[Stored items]
************
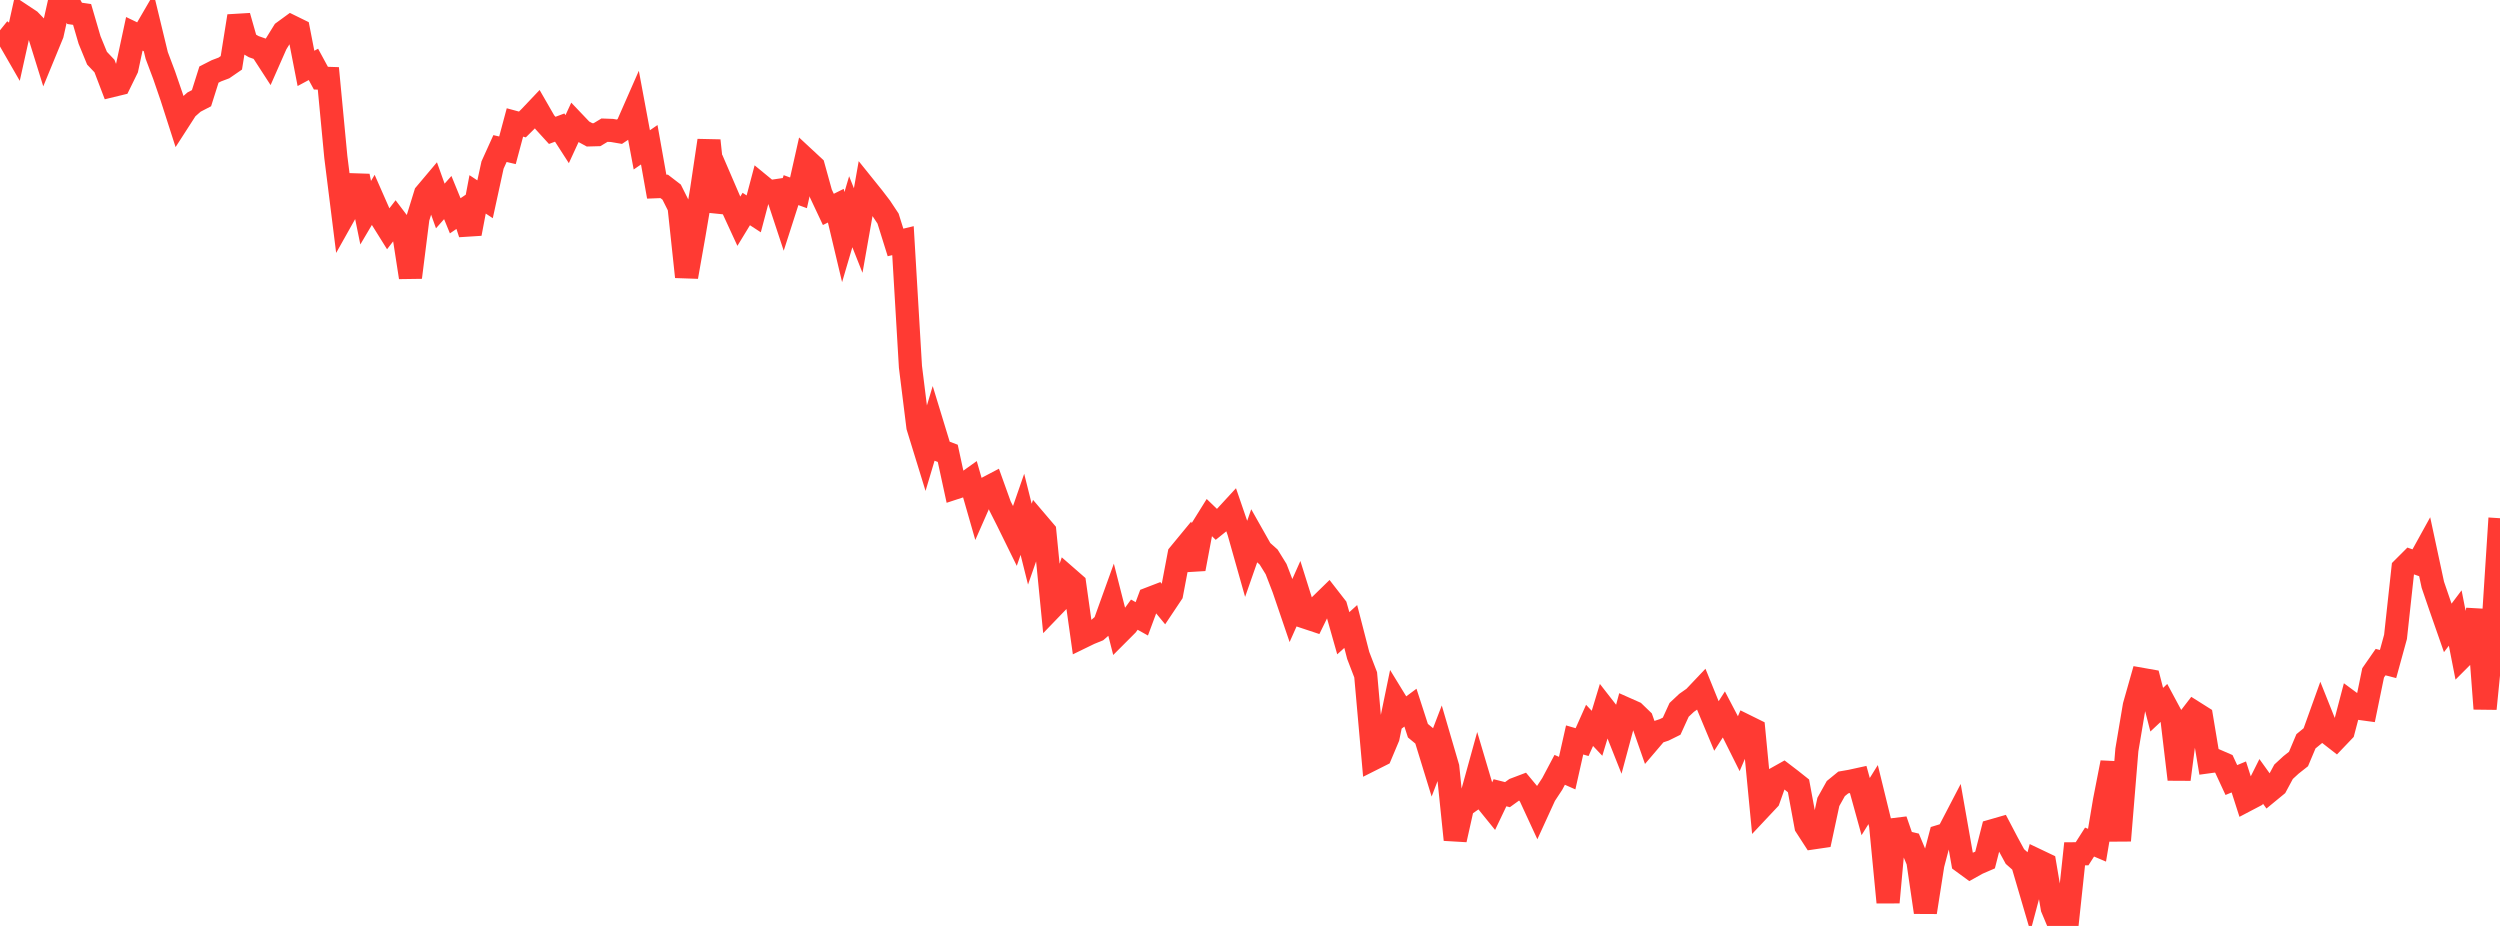 <?xml version="1.0" standalone="no"?>
<!DOCTYPE svg PUBLIC "-//W3C//DTD SVG 1.1//EN" "http://www.w3.org/Graphics/SVG/1.1/DTD/svg11.dtd">

<svg width="135" height="50" viewBox="0 0 135 50" preserveAspectRatio="none" 
  xmlns="http://www.w3.org/2000/svg"
  xmlns:xlink="http://www.w3.org/1999/xlink">


<polyline points="0.0, 1.635 0.403, 1.959 0.806, 2.659 1.209, 0.843 1.612, 1.11 2.015, 1.526 2.418, 2.822 2.821, 1.842 3.224, 0.035 3.627, 0.0 4.03, 0.722 4.433, 0.78 4.836, 2.159 5.239, 3.142 5.642, 3.567 6.045, 4.624 6.448, 4.526 6.851, 3.704 7.254, 1.826 7.657, 2.02 8.06, 1.327 8.463, 2.994 8.866, 4.065 9.269, 5.239 9.672, 6.493 10.075, 5.867 10.478, 5.512 10.881, 5.303 11.284, 4.027 11.687, 3.822 12.09, 3.67 12.493, 3.393 12.896, 0.87 13.299, 2.285 13.701, 2.519 14.104, 2.661 14.507, 3.283 14.91, 2.369 15.313, 1.718 15.716, 1.424 16.119, 1.622 16.522, 3.693 16.925, 3.476 17.328, 4.22 17.731, 4.233 18.134, 8.474 18.537, 11.696 18.94, 10.978 19.343, 9.508 19.746, 11.486 20.149, 10.805 20.552, 11.721 20.955, 12.366 21.358, 11.843 21.761, 12.375 22.164, 14.978 22.567, 11.783 22.97, 10.475 23.373, 9.997 23.776, 11.123 24.179, 10.668 24.582, 11.653 24.985, 11.38 25.388, 12.617 25.791, 10.496 26.194, 10.761 26.597, 8.912 27.0, 8.022 27.403, 8.116 27.806, 6.613 28.209, 6.722 28.612, 6.323 29.015, 5.898 29.418, 6.598 29.821, 7.04 30.224, 6.889 30.627, 7.515 31.03, 6.641 31.433, 7.064 31.836, 7.283 32.239, 7.272 32.642, 7.029 33.045, 7.044 33.448, 7.113 33.851, 6.846 34.254, 5.929 34.657, 8.093 35.06, 7.816 35.463, 10.08 35.866, 10.064 36.269, 10.374 36.672, 11.178 37.075, 14.949 37.478, 12.671 37.881, 10.295 38.284, 7.59 38.687, 11.409 39.09, 10.139 39.493, 11.074 39.896, 11.949 40.299, 11.287 40.701, 11.549 41.104, 10.028 41.507, 10.359 41.91, 10.299 42.313, 11.521 42.716, 10.267 43.119, 10.413 43.522, 8.622 43.925, 8.996 44.328, 10.452 44.731, 11.308 45.134, 11.108 45.537, 12.803 45.94, 11.433 46.343, 12.45 46.746, 10.167 47.149, 10.668 47.552, 11.195 47.955, 11.803 48.358, 13.092 48.761, 12.995 49.164, 19.807 49.567, 23.048 49.97, 24.357 50.373, 23.008 50.776, 24.328 51.179, 24.48 51.582, 26.341 51.985, 26.209 52.388, 25.921 52.791, 27.326 53.194, 26.41 53.597, 26.198 54.0, 27.32 54.403, 28.117 54.806, 28.936 55.209, 27.773 55.612, 29.385 56.015, 28.229 56.418, 28.702 56.821, 32.783 57.224, 32.365 57.627, 31.18 58.03, 31.532 58.433, 34.396 58.836, 34.2 59.239, 34.036 59.642, 33.687 60.045, 32.567 60.448, 34.15 60.851, 33.746 61.254, 33.192 61.657, 33.417 62.06, 32.332 62.463, 32.177 62.866, 32.666 63.269, 32.062 63.672, 29.938 64.075, 29.449 64.478, 30.722 64.881, 28.578 65.284, 27.931 65.687, 28.319 66.09, 27.995 66.493, 27.558 66.896, 28.732 67.299, 30.158 67.701, 29.008 68.104, 29.721 68.507, 30.081 68.91, 30.733 69.313, 31.779 69.716, 32.961 70.119, 32.056 70.522, 33.339 70.925, 33.473 71.328, 32.648 71.731, 32.255 72.134, 32.774 72.537, 34.195 72.94, 33.83 73.343, 35.391 73.746, 36.44 74.149, 40.973 74.552, 40.77 74.955, 39.813 75.358, 37.855 75.761, 38.513 76.164, 38.213 76.567, 39.457 76.97, 39.79 77.373, 41.099 77.776, 40.048 78.179, 41.425 78.582, 45.344 78.985, 43.543 79.388, 43.259 79.791, 41.799 80.194, 43.157 80.597, 43.654 81.0, 42.809 81.403, 42.911 81.806, 42.62 82.209, 42.467 82.612, 42.952 83.015, 43.824 83.418, 42.944 83.821, 42.332 84.224, 41.571 84.627, 41.749 85.03, 39.957 85.433, 40.074 85.836, 39.17 86.239, 39.598 86.642, 38.268 87.045, 38.785 87.448, 39.8 87.851, 38.301 88.254, 38.48 88.657, 38.869 89.06, 40.02 89.463, 39.547 89.866, 39.413 90.269, 39.214 90.672, 38.332 91.075, 37.954 91.478, 37.671 91.881, 37.246 92.284, 38.24 92.687, 39.204 93.09, 38.578 93.493, 39.348 93.896, 40.155 94.299, 39.212 94.701, 39.411 95.104, 43.599 95.507, 43.17 95.91, 42.035 96.313, 41.809 96.716, 42.117 97.119, 42.437 97.522, 44.618 97.925, 45.241 98.328, 45.182 98.731, 43.304 99.134, 42.583 99.537, 42.254 99.94, 42.184 100.343, 42.096 100.746, 43.557 101.149, 42.907 101.552, 44.553 101.955, 48.728 102.358, 44.291 102.761, 45.455 103.164, 45.55 103.567, 46.513 103.97, 49.262 104.373, 46.687 104.776, 45.155 105.179, 45.032 105.582, 44.257 105.985, 46.544 106.388, 46.839 106.791, 46.615 107.194, 46.441 107.597, 44.859 108.0, 44.743 108.403, 45.511 108.806, 46.253 109.209, 46.609 109.612, 47.981 110.015, 46.467 110.418, 46.659 110.821, 49.038 111.224, 50.0 111.627, 49.868 112.03, 46.105 112.433, 46.103 112.836, 45.471 113.239, 45.642 113.642, 43.241 114.045, 41.179 114.448, 45.392 114.851, 40.495 115.254, 38.106 115.657, 36.685 116.06, 36.756 116.463, 38.324 116.866, 37.946 117.269, 38.696 117.672, 42.086 118.075, 38.987 118.478, 38.462 118.881, 38.716 119.284, 41.132 119.687, 41.077 120.09, 41.252 120.493, 42.122 120.896, 41.955 121.299, 43.21 121.701, 42.999 122.104, 42.194 122.507, 42.755 122.91, 42.424 123.313, 41.675 123.716, 41.304 124.119, 40.986 124.522, 40.03 124.925, 39.7 125.328, 38.578 125.731, 39.587 126.134, 39.901 126.537, 39.479 126.94, 37.945 127.343, 38.242 127.746, 38.297 128.149, 36.335 128.552, 35.754 128.955, 35.858 129.358, 34.391 129.761, 30.691 130.164, 30.288 130.567, 30.429 130.97, 29.698 131.373, 31.576 131.776, 32.753 132.179, 33.907 132.582, 33.372 132.985, 35.427 133.388, 35.023 133.791, 32.934 134.194, 38.272 134.597, 34.224 135.0, 27.984" fill="none" stroke="#ff3a33" stroke-width="1.25"/>

</svg>
************
Search the records above for the string "xmlns". Copy every line that contains it.

# ANSWER TO THIS TASK
  xmlns="http://www.w3.org/2000/svg"
  xmlns:xlink="http://www.w3.org/1999/xlink">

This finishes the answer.